The concept shows up with different vocabulary across every domain that matters. In machine learning, it's the problem of gradient descent converging to suboptimal solutions — the reason researchers use techniques like random restarts, momentum, and learning rate scheduling to shake models out of local minima. In career theory, it's the "golden handcuffs" problem — high-paying positions that are locally optimal but globally suboptimal because they prevent exploration of higher-ceiling trajectories. In product strategy, it's feature-factory syndrome — teams that optimise an existing feature set because the metrics are clear and the improvements are measurable, while the fundamentally better product architecture remains unbuilt because nobody wants to reset the dashboard to zero. In investment theory, it's the disposition effect — the tendency to hold losing positions too long and sell winning positions too early, which Hersh Shefrin and Meir Statman documented in 1985, and which functions as a local-maximum trap in portfolio construction.

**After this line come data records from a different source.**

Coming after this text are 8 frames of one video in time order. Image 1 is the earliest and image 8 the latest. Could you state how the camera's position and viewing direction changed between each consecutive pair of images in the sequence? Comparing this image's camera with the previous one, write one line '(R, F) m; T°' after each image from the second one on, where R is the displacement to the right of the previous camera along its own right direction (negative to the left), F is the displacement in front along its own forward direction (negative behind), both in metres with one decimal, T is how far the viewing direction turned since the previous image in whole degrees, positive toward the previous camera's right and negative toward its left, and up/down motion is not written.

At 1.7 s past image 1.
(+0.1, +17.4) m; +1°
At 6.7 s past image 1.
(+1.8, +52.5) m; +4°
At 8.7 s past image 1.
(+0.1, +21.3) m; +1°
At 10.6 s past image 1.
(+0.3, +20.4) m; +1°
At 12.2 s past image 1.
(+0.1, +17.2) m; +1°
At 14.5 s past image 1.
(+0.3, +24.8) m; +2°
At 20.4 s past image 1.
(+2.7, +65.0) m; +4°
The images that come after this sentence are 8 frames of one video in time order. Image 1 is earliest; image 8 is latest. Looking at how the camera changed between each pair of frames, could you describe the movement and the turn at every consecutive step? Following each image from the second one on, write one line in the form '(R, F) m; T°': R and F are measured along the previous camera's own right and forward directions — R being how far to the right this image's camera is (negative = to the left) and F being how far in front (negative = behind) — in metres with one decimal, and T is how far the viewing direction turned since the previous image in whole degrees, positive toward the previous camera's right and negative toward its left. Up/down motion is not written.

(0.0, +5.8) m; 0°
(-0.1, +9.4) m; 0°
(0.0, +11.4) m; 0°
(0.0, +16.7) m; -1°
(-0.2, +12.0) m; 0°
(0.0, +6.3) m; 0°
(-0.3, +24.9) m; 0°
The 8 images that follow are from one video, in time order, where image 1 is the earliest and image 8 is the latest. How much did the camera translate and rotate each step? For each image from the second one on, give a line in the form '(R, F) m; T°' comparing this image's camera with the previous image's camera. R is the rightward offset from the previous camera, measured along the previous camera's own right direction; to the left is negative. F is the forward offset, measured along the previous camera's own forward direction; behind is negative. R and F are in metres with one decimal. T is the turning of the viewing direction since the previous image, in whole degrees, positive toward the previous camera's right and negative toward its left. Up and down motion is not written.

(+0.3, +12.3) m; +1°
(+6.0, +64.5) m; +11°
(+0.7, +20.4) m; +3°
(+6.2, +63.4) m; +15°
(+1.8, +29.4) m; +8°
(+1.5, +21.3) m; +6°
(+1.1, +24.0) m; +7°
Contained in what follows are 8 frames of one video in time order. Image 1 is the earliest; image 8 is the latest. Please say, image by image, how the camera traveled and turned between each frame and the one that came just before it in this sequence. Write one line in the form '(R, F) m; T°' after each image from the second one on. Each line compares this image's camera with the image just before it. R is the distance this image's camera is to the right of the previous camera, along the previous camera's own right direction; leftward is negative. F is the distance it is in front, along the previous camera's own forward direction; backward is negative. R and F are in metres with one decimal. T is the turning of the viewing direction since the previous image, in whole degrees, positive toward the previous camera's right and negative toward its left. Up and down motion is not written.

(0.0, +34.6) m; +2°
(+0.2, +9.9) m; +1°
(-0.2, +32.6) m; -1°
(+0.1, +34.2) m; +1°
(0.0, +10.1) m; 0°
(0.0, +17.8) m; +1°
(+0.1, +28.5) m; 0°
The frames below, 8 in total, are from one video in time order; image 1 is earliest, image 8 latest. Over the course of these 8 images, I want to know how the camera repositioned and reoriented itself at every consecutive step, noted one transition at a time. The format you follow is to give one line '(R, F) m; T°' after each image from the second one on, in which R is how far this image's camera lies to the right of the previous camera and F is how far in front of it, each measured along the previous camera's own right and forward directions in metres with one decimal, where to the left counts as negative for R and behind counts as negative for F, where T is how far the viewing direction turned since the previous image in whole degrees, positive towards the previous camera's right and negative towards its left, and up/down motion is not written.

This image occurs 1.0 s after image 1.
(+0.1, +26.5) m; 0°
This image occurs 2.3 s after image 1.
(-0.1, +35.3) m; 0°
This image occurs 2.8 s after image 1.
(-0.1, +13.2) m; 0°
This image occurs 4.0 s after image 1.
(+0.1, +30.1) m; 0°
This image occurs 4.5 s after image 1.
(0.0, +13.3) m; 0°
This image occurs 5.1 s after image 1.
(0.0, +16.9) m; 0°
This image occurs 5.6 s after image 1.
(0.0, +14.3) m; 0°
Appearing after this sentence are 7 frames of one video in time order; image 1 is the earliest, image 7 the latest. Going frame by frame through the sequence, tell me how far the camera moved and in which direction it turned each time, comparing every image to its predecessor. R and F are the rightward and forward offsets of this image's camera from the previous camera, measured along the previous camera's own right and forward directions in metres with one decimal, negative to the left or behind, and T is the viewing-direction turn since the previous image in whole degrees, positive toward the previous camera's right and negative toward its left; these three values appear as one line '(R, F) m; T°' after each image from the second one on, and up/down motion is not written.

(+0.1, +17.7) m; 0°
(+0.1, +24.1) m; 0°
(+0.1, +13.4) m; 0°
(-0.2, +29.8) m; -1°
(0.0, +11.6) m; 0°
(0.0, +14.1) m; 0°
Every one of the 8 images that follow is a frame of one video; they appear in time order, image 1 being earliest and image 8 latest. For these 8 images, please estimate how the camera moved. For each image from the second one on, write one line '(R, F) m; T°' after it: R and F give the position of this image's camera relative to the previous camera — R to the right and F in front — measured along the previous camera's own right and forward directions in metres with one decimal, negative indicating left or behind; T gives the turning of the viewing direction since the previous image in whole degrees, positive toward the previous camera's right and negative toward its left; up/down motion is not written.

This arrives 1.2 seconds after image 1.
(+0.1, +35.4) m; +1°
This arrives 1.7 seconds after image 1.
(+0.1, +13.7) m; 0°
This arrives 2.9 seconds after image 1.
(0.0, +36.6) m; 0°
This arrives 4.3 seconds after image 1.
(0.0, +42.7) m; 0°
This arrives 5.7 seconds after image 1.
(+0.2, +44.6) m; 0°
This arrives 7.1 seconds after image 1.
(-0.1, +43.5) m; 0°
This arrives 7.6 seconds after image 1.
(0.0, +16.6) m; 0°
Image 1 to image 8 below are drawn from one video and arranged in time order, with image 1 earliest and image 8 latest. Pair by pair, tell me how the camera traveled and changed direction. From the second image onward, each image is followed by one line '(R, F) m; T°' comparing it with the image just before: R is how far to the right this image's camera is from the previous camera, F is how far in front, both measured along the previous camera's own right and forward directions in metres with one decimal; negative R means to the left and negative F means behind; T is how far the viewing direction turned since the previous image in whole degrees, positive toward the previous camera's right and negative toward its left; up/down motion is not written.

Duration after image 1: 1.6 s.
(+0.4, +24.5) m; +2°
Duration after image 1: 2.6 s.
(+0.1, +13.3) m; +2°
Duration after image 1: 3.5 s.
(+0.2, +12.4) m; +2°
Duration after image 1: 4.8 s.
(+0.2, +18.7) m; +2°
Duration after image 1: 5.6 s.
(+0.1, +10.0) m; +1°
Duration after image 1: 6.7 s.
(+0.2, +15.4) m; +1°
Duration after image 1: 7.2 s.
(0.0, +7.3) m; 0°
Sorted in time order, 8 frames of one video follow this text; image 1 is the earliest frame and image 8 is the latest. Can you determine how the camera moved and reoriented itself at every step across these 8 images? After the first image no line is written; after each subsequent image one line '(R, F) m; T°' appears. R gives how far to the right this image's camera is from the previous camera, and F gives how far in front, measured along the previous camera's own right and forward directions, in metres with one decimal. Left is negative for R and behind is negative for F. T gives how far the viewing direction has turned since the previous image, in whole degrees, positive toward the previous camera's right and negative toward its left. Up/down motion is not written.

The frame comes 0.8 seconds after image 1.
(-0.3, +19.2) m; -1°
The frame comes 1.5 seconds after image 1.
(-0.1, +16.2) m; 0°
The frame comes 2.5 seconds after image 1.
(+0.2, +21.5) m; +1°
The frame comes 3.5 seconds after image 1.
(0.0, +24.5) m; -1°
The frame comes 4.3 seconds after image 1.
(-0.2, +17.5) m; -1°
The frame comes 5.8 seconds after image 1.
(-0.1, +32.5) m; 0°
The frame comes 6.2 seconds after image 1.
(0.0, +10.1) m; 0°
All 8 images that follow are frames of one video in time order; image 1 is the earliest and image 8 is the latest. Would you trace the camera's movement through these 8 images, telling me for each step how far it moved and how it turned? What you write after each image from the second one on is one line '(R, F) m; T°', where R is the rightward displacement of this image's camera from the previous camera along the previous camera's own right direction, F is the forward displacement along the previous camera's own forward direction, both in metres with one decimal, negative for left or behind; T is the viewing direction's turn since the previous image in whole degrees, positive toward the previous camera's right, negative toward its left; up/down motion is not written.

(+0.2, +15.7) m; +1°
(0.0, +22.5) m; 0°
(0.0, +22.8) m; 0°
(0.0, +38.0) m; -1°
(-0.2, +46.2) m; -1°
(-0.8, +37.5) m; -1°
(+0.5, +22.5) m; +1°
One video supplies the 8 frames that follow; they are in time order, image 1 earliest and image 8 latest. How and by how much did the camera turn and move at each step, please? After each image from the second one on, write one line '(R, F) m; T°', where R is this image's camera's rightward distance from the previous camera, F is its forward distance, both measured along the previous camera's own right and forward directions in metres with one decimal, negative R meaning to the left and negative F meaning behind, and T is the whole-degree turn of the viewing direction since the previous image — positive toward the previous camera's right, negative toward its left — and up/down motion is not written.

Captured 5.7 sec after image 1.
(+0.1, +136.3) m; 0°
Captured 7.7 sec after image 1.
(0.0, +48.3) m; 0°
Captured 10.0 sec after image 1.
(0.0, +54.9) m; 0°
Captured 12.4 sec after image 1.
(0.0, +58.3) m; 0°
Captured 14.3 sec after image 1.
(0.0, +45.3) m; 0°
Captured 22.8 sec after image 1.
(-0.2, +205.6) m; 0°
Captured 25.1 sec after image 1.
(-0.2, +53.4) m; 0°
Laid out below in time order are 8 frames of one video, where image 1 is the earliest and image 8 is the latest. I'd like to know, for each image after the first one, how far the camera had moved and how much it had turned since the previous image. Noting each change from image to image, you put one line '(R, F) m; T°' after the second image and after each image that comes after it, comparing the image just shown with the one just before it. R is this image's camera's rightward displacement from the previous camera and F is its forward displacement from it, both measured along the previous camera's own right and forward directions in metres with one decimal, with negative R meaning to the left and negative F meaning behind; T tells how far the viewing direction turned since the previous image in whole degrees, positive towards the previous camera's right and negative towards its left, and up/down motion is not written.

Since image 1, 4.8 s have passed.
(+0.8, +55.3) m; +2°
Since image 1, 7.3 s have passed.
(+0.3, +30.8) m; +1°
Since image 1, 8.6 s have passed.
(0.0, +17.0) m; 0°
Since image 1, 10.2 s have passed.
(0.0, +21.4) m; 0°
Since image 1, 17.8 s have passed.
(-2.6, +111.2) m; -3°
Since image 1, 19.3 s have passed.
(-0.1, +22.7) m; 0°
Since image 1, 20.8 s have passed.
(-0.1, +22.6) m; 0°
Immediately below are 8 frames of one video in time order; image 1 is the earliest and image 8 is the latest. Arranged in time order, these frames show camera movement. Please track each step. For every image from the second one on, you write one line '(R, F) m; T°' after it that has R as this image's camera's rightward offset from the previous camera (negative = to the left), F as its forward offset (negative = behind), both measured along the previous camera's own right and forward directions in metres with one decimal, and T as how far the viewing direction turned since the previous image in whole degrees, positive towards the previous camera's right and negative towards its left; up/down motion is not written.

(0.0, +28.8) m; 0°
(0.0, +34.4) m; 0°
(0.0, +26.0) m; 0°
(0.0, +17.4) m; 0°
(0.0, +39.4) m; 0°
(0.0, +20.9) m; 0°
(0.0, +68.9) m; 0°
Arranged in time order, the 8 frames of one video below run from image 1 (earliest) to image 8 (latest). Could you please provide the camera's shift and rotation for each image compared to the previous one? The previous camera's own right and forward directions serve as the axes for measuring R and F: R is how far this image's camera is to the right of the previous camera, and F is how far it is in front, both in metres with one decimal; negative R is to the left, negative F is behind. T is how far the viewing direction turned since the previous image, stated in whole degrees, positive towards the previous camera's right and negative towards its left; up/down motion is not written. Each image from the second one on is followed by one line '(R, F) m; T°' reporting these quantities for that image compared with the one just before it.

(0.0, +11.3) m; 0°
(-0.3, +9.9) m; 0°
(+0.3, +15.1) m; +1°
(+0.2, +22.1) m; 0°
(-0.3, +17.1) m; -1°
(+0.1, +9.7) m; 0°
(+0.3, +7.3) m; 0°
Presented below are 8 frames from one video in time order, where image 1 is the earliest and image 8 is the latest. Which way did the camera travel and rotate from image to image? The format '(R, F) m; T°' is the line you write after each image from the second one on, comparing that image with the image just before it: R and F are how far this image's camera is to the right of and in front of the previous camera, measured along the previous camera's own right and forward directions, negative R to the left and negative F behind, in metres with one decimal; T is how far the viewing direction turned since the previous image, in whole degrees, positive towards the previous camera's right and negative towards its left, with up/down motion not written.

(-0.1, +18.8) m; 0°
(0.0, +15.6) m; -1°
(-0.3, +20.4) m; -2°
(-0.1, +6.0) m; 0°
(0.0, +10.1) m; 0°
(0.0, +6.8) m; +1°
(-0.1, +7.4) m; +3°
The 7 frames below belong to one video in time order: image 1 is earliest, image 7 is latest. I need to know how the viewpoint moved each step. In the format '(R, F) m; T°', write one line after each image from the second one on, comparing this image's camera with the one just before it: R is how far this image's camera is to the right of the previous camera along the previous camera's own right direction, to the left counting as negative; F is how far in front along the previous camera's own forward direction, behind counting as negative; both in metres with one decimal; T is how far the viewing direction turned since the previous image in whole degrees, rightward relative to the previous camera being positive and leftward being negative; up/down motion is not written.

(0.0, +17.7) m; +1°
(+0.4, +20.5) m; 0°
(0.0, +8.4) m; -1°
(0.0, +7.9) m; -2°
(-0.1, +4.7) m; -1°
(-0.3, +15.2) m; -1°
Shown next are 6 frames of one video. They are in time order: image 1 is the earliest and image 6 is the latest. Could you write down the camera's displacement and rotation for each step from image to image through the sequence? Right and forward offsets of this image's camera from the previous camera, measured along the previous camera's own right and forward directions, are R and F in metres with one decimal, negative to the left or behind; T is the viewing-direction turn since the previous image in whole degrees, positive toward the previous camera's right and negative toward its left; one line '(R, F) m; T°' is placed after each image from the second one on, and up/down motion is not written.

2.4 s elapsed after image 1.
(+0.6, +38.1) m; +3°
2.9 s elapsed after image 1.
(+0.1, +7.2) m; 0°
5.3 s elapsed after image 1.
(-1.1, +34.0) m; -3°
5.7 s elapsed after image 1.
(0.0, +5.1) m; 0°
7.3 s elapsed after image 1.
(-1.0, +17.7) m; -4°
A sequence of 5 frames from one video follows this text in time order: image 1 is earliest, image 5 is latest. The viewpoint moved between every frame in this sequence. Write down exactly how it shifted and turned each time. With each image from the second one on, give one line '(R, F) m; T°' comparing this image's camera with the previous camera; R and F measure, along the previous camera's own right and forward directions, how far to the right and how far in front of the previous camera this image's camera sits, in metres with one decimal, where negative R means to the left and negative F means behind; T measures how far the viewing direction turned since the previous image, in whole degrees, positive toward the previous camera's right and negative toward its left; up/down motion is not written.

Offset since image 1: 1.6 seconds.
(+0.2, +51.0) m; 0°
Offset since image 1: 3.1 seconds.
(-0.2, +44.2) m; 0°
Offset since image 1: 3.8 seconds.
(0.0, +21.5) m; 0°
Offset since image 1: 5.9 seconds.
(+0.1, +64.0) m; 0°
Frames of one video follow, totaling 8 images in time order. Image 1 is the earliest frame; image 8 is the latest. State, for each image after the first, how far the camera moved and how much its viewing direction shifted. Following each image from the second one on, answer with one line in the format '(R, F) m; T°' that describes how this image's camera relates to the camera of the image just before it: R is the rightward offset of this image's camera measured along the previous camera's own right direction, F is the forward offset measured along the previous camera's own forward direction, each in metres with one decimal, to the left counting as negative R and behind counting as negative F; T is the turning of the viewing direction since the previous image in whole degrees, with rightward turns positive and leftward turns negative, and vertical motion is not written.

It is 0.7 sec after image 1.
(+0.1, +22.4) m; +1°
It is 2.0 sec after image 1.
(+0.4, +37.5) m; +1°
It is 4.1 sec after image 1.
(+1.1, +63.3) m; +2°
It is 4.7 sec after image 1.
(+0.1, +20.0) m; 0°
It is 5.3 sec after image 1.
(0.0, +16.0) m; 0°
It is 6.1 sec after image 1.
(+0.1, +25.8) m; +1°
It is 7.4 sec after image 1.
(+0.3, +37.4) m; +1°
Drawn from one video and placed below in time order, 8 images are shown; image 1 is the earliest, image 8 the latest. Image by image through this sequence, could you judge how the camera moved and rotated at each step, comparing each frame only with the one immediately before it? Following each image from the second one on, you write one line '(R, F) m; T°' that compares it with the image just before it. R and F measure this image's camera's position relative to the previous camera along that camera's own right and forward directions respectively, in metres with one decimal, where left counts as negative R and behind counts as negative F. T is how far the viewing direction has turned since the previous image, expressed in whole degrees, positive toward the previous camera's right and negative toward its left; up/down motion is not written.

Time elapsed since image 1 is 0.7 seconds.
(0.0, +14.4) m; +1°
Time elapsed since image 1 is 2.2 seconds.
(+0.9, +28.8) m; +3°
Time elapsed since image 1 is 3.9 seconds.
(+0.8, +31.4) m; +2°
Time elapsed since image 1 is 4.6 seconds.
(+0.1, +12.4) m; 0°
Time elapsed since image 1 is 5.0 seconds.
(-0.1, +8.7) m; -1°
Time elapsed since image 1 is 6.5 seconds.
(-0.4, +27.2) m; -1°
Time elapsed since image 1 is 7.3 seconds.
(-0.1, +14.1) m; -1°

The practical power of the model is diagnostic. It forces a question that incremental thinking never asks: is the ceiling on my current trajectory high enough? You can optimise a horse-drawn carriage for decades — lighter materials, better suspension, faster horses — and never arrive at the automobile. Every improvement is real. Every improvement is progress. And every improvement takes you further from the insight that the entire framework should be abandoned. The local maximum of horse-drawn transport is infinitely below the global maximum of combustion-engine transport, and no amount of optimisation within the first paradigm reaches the second. You have to descend — abandon the working system — and cross a valley of uncertainty before the higher peak becomes accessible.